See Also: CharUnicodeInfo Members
The tp://go.microsoft.com/fwlink/?linkid=37123 defines a number of Unicode character categories. For example, a character might be categorized as an uppercase letter, a lowercase letter, a decimal digit number, a letter number, a paragraph separator, a math symbol, or a currency symbol. Your application can use the character category to govern string-based operations, such as parsing. The System.Globalization.UnicodeCategory enumeration defines the possible character categories.
You use the System.Globalization.CharUnicodeInfo class to obtain the System.Globalization.UnicodeCategory value for a specific character. The System.Globalization.CharUnicodeInfo class defines methods that return the following Unicode character values:
Numeric value. Applies only to numeric characters, including fractions, subscripts, superscripts, Roman numerals, currency numerators, encircled numbers, and script-specific digits.

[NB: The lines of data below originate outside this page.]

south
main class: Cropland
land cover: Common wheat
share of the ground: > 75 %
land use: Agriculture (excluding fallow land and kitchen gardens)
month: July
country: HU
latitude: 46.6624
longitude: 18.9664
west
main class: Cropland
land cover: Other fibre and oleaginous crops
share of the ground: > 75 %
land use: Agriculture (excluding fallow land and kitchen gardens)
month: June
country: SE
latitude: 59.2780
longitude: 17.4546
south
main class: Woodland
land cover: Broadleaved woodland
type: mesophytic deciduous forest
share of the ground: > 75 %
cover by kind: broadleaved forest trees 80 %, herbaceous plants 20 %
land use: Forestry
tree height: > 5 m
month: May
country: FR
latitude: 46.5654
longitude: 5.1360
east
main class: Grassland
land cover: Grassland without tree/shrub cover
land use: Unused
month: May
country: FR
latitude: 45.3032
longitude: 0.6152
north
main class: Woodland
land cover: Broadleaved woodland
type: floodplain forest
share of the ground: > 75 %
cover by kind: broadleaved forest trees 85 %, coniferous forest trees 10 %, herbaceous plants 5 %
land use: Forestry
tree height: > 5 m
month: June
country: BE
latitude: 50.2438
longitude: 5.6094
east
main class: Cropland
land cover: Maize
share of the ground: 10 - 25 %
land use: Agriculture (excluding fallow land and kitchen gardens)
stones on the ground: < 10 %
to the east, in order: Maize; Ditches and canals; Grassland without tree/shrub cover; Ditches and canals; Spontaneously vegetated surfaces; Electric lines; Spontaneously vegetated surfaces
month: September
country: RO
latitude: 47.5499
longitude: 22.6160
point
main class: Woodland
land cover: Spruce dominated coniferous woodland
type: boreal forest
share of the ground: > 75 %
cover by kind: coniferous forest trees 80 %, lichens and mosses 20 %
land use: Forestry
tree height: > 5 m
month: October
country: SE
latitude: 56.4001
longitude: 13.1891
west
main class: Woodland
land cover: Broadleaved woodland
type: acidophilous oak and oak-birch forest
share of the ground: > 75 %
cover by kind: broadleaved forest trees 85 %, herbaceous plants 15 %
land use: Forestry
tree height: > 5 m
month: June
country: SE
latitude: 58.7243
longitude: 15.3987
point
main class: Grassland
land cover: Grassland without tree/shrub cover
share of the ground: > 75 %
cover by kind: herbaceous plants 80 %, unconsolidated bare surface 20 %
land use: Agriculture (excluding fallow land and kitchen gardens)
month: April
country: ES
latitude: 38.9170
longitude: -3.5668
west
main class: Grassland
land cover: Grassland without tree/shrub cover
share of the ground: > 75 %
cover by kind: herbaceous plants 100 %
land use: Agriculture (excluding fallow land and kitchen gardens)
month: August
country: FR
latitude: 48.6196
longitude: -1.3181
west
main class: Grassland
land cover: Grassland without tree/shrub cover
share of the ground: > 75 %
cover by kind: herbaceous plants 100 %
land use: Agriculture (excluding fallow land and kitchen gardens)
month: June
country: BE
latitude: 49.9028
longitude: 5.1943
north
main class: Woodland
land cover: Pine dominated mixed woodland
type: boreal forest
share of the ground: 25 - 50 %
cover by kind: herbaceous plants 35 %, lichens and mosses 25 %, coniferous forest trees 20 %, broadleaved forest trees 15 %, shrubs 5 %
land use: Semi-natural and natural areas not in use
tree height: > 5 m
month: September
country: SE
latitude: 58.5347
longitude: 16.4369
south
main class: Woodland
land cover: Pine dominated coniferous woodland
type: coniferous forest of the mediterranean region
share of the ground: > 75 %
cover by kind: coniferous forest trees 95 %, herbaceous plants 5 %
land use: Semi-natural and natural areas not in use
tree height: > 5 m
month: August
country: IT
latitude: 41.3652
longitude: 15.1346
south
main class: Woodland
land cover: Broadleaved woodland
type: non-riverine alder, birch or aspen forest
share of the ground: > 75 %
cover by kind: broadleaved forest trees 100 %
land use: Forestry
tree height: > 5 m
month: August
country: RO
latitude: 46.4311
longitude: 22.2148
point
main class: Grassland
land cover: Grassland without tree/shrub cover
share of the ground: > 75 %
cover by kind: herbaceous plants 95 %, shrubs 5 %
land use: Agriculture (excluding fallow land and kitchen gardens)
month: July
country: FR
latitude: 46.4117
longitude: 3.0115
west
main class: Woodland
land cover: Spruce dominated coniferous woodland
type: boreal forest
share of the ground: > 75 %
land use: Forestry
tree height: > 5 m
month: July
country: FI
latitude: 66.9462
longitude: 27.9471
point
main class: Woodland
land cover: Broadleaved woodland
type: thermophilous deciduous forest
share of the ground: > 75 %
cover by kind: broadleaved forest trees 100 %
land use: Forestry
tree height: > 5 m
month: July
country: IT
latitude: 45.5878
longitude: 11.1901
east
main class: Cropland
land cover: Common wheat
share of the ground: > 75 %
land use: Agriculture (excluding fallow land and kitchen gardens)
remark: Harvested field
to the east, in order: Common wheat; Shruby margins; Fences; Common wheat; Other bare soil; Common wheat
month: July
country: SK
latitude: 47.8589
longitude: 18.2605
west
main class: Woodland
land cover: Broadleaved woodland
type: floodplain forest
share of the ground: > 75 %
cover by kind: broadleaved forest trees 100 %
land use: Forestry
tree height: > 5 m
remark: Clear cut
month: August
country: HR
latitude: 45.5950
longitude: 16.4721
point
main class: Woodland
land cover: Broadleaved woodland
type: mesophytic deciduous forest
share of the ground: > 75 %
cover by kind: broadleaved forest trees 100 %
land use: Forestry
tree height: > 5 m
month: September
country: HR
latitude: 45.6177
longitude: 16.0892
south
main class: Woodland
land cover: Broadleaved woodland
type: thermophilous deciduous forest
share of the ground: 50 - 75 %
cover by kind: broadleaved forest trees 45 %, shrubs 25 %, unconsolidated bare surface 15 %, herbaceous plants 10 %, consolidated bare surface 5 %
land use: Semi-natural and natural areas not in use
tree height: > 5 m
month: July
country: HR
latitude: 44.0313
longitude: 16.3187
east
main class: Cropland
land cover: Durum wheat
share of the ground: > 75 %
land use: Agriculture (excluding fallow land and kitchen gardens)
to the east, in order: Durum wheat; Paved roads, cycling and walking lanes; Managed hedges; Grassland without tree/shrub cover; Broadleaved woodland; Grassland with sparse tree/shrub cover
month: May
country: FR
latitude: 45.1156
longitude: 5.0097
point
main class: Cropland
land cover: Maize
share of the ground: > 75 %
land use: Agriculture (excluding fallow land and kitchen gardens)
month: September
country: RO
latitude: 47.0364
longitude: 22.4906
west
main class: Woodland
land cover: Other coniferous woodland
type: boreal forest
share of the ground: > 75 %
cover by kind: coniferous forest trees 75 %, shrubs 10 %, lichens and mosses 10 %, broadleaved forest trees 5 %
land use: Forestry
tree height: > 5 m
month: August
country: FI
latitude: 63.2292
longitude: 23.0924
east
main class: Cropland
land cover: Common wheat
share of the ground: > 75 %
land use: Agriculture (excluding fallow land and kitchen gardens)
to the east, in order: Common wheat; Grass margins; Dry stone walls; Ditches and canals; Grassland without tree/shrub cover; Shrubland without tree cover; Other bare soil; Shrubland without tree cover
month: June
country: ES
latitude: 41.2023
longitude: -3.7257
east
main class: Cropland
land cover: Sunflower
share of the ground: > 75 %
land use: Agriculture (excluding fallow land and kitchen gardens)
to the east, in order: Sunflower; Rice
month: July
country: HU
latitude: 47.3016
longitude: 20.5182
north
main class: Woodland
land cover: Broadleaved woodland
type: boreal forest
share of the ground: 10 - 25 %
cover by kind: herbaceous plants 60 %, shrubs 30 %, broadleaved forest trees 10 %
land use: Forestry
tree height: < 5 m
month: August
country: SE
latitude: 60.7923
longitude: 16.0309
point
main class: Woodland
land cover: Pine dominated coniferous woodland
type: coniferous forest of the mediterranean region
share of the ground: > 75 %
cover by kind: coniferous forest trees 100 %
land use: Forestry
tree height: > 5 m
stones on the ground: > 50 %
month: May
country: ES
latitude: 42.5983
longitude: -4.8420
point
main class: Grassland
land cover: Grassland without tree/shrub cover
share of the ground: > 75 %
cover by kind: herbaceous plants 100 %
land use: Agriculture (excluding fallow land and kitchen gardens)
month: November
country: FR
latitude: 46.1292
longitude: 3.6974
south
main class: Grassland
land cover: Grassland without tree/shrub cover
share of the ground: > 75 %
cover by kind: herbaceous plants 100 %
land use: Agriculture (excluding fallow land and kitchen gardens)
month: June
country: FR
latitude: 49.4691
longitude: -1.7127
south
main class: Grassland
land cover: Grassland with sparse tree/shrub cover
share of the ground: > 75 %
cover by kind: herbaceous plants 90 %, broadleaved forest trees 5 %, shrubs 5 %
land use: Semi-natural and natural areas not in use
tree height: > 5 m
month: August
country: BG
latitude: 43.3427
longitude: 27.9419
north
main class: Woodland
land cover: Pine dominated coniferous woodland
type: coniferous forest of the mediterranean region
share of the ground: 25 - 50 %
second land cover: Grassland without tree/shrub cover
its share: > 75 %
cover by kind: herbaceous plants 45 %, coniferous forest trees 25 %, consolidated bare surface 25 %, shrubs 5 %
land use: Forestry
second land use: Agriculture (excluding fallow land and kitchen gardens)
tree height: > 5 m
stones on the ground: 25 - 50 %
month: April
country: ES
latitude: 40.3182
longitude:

Digit value. Applies to numeric characters that can be combined with other numeric characters to represent a whole number in a numbering system.
Decimal digit value. Applies only to characters that represent decimal digits in the decimal (base 10) system. A decimal digit can be one of ten digits, from zero through nine. These characters are members of the UnicodeCategory.DecimalDigitNumber category.
When using this class in your applications, keep in mind the following programming considerations for using the char type. The type can be difficult to use, and strings are generally preferable for representing linguistic content.
A char object does not always correspond to a single character. Although the char type represents a single 16-bit value, some characters (such as grapheme clusters and surrogate pairs) consist of two or more UTF-16 code units. For more information, see "Char Objects and Unicode Characters" in the string class.
The notion of a "character" is also flexible. A character is often thought of as a glyph, but many glyphs require multiple code points. For example, ä can be represented either by two code points ("a" plus U+0308, which is the combining diaeresis), or by a single code point ("ä" or U+00A4). Some languages have many letters, characters, and glyphs that require multiple code points, which can cause confusion in linguistic content representation. For example, there is a ΰ (U+03B0, Greek small letter upsilon with dialytika and tonos), but there is no equivalent capital letter. Uppercasing such a value simply retrieves the original value.